In CodeTrans research, he trained various encoder-decoder transformer LMs up to 0.7 billion parameters on 38 million un-labeled source code projects for nine programming languages (Python, Java, Go, Php, Ruby, Javascript, C#, SQL, Lisp) and one human language (English). The fine-tuned models outperformed the state-of-the-art models on thirteen software engineering tasks, including code generation and code documentation generation.

Papers

GitHub repositories

Prof. Amnon Shashua's Lab

In our lab, led by Prof. Amnon Shashua with graduate students Or Sharir, Yoav Levine, Noam Wies, Hofit Bata, and Daniel Jannai, we theoretically investigate the mechanisms behind prominent deep learning techniques, and leverage these insights to drive practical innovations.

Lately, we focus on self-attention networks (aka, Transformers), which facilitated recent breakthroughs in language understanding, and are showing promising signals in various other domains.

Our unexpected theoretical findings below were empirically reinforced by targeted and comprehensive experiments (100s of trained models), facilitated by the TFRC program computational resources.

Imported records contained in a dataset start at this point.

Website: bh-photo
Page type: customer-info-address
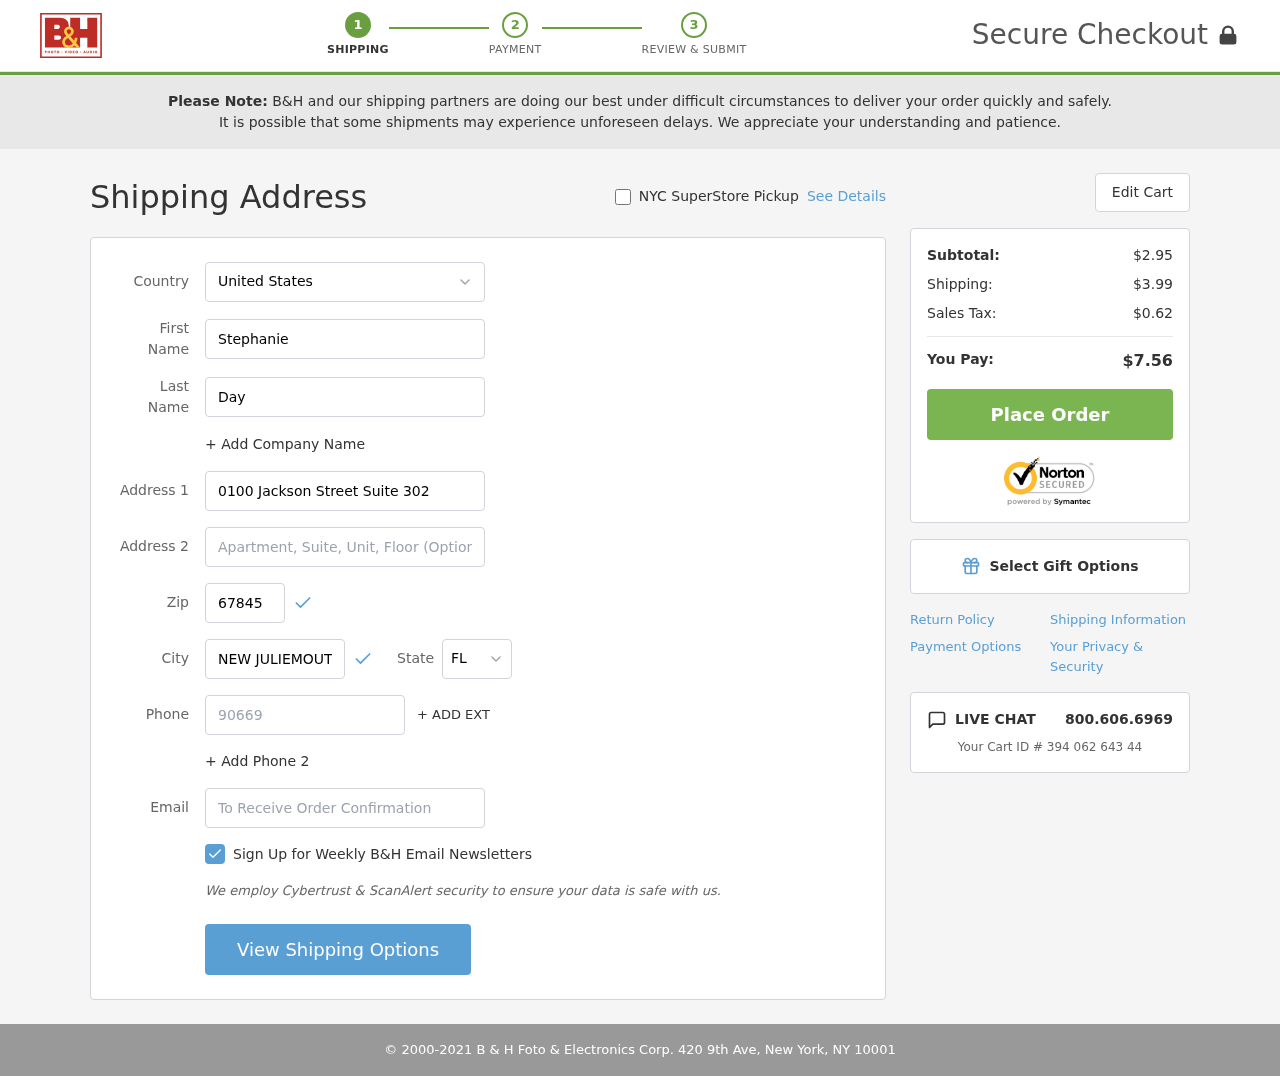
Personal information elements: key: PII_CITY
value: New Juliemouth
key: PII_COUNTRY
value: United States
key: PII_EMAIL
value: stephanie_day@yahoo.com
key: PII_FIRSTNAME
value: Stephanie
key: PII_LASTNAME
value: Day
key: PII_PHONE
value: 9066901841
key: PII_POSTCODE
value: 67845
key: PII_STATE_ABBR
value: FL
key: PII_STREET
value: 0100 Jackson Street Suite 302
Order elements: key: ORDER_SUBTOTAL
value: $2.95
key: ORDER_SHIPPING_COST
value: $3.99
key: ORDER_TAX
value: $0.62
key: ORDER_TOTAL
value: $7.56
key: ORDER_ID
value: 394 062 643 44

The depth-to-width interplay (NeurIPS 2020): Depth has long been suggested as Deep Learning's source of success. However, we prove that in self-attention networks the power of depth can only be unlocked when the width of the model is above a certain threshold. Our results point to inefficiencies in commonly used architectures and prescribe a simple practical formula for the optimal depth-width ratio per parameter budget.

Paper

Blogpost

Which Transformer architecture fits my data? (ICML 2021): Just as depth is limited by width, we prove that width itself is limited by the rank of the input vocabulary matrix. This bears special implications for cutting edge efforts for utilizing self-attention in non-language domains (e.g., images).

Paper

Wisdom d'Almeida

Hi! I'm Wisdom and I joined the TRC program in 2018 when it was still TFRC :) Access to the TRC Compute helped me run large-scale experiments on radiology report generation from Chest X-ray images. The idea was to train powerful language models on image and text data jointly, in such a way that models can generate clinically-pertinent natural language reports (including findings and impression sections) at test time, in order to support Chest X-ray disease predictions with some textual evidence or explanation. The output of my work constituted the main portion of my Master's thesis (not online unfortunately), and motivated further research on imbuing clinical awareness into language models with design and data inductive biases. Some of these follow-up works, still backed up by TRC Compute, were presented at venues such as Stanford's Frontier of Assisted Care Scientific Symposium, and the Montreal AI Symposium.